- **What the exercise asks**: Pictures stay out of the copy, and everything else in the data below is repeated exactly.

- **Given entries**:
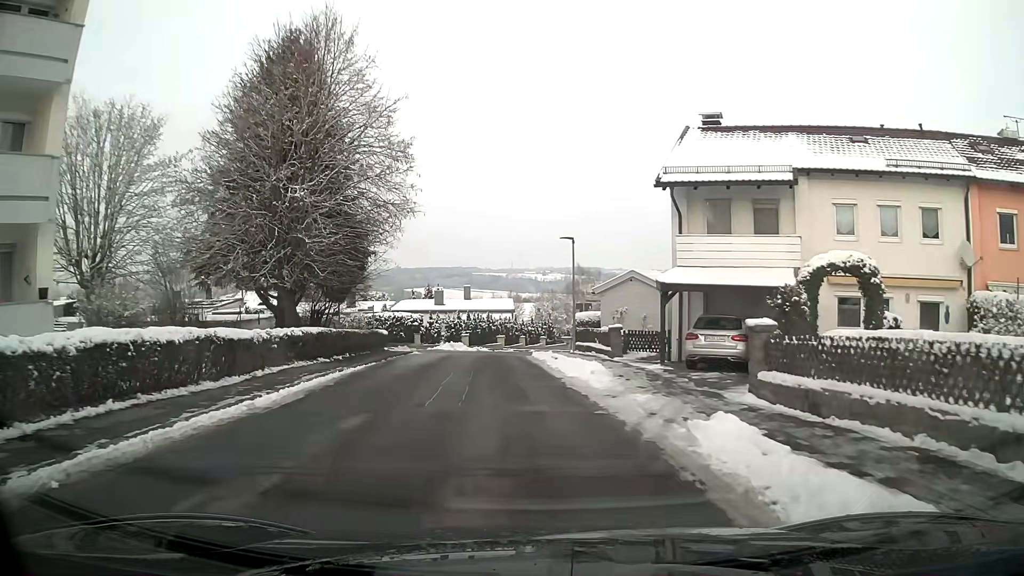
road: residential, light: Day
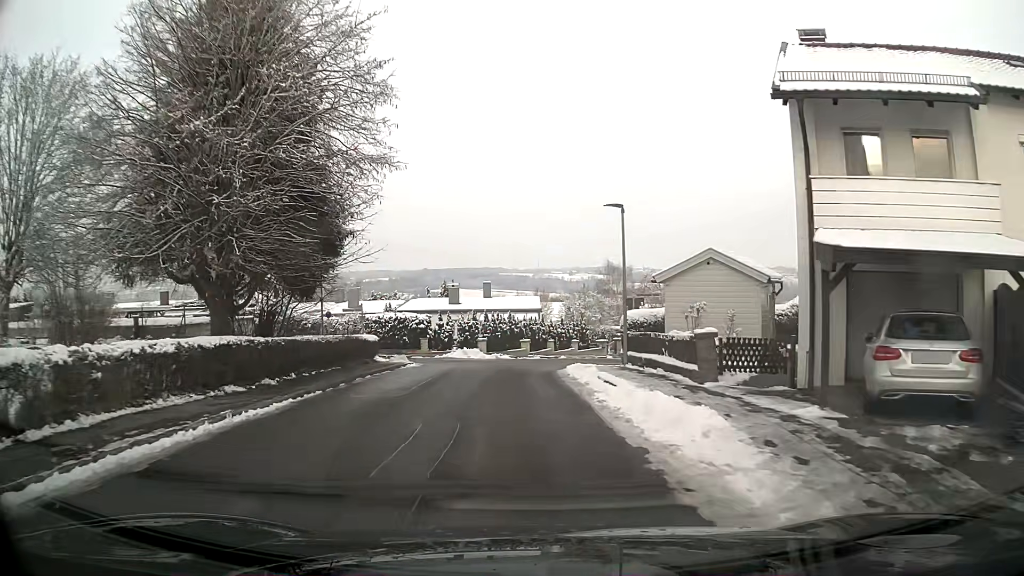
(-0.2, +8.4) m; -3°
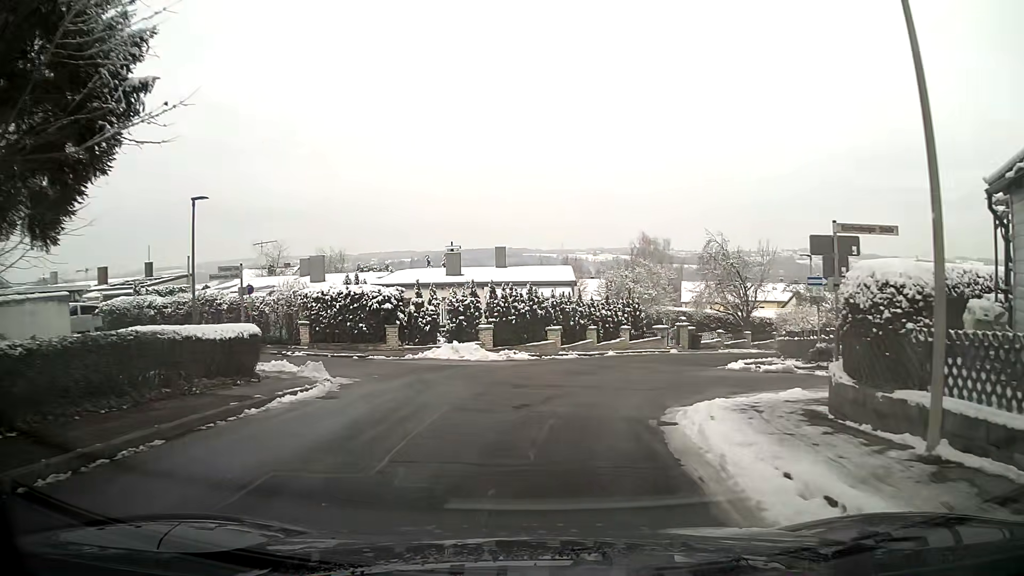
(-0.2, +15.3) m; -1°
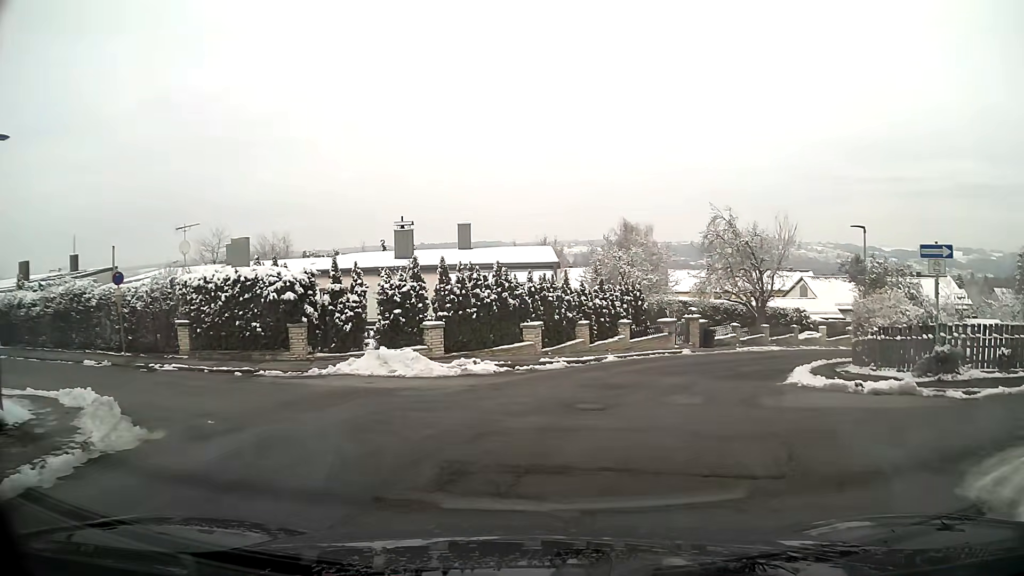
(+0.1, +7.9) m; +4°
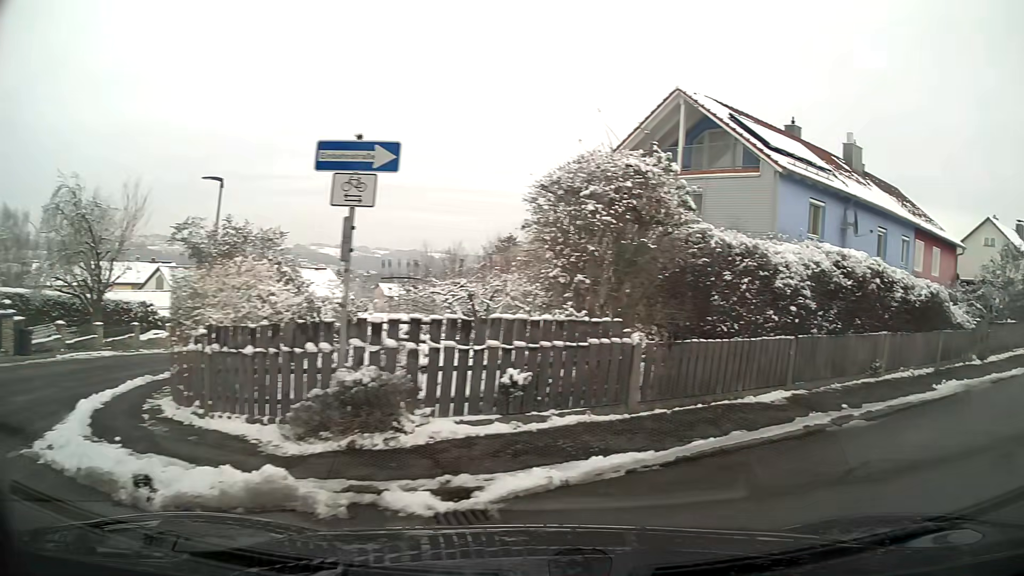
(+3.3, +7.6) m; +57°
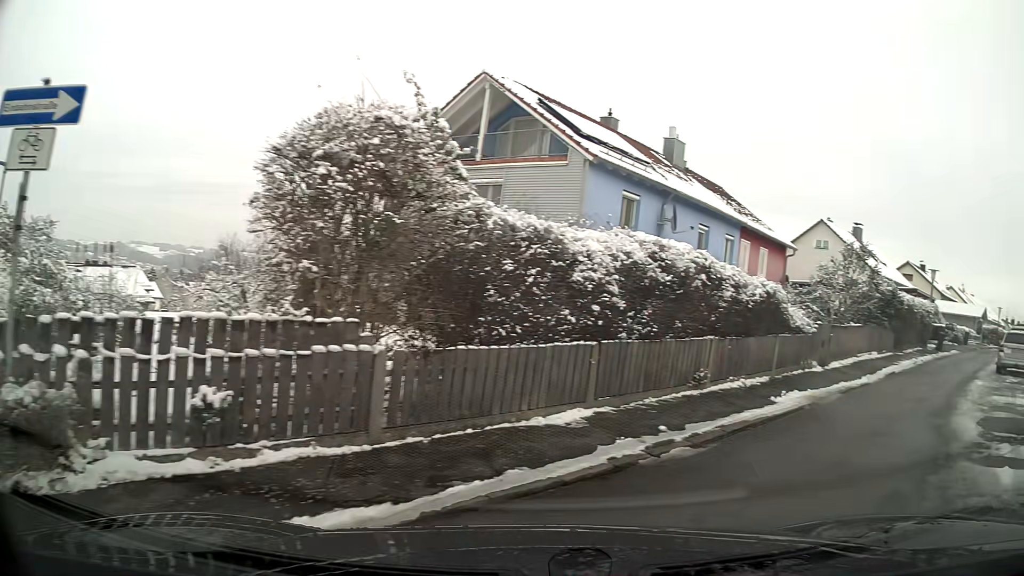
(+0.3, +1.9) m; +16°
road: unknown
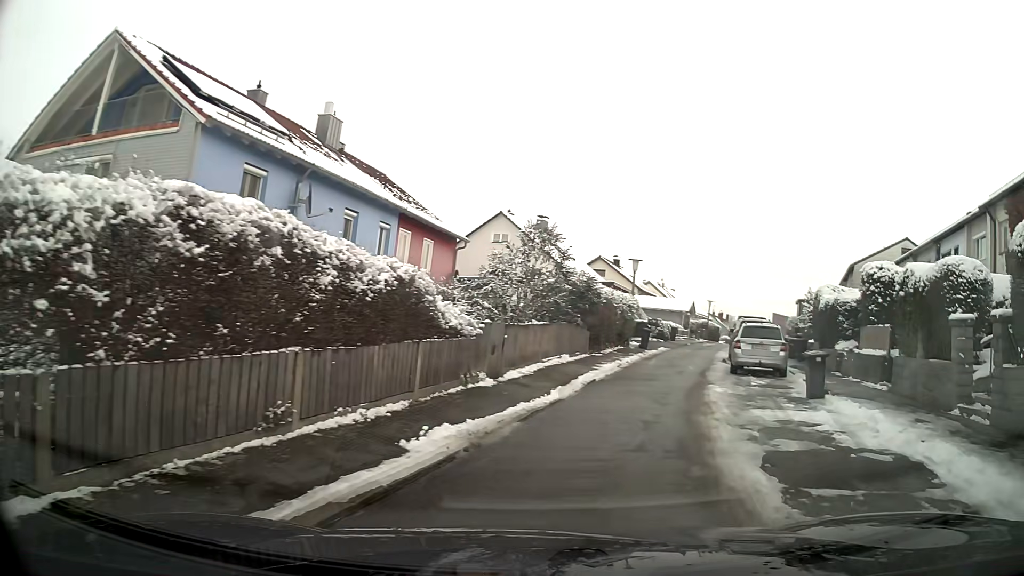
(+1.0, +4.0) m; +23°
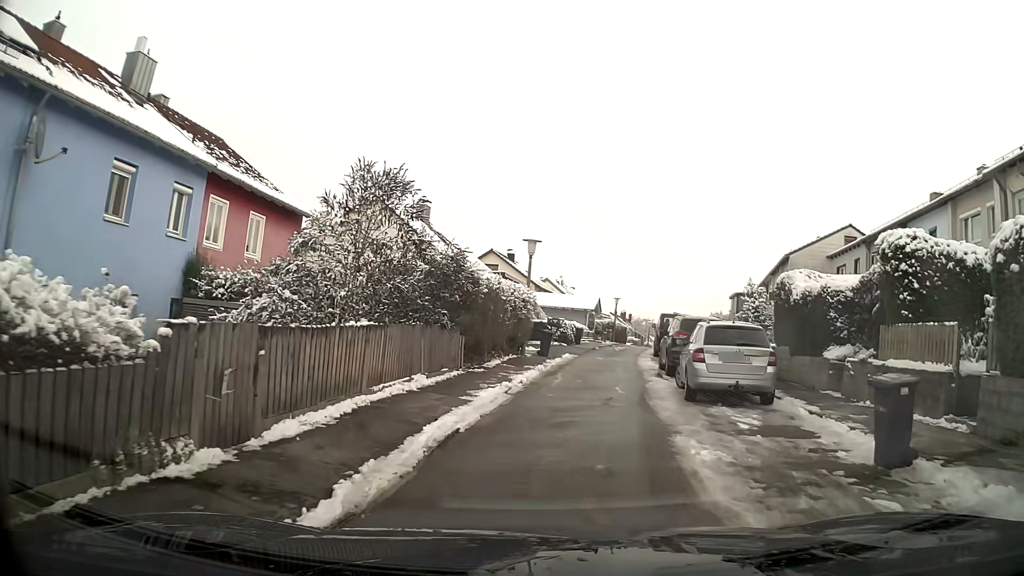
(+0.6, +7.2) m; +8°
(+1, +10) (+2, +20) (+3, +30) (+5, +40) (+7, +49) (+9, +59) (+12, +69) (+15, +78) (+17, +88) (+20, +98) m

- **Result of this exercise**:
road: residential, light: Day
(-0.2, +8.4) m; -3°
(-0.2, +15.3) m; -1°
(+0.1, +7.9) m; +4°
(+3.3, +7.6) m; +57°
(+0.3, +1.9) m; +16°
road: unknown
(+1.0, +4.0) m; +23°
(+0.6, +7.2) m; +8°
(+1, +10) (+2, +20) (+3, +30) (+5, +40) (+7, +49) (+9, +59) (+12, +69) (+15, +78) (+17, +88) (+20, +98) m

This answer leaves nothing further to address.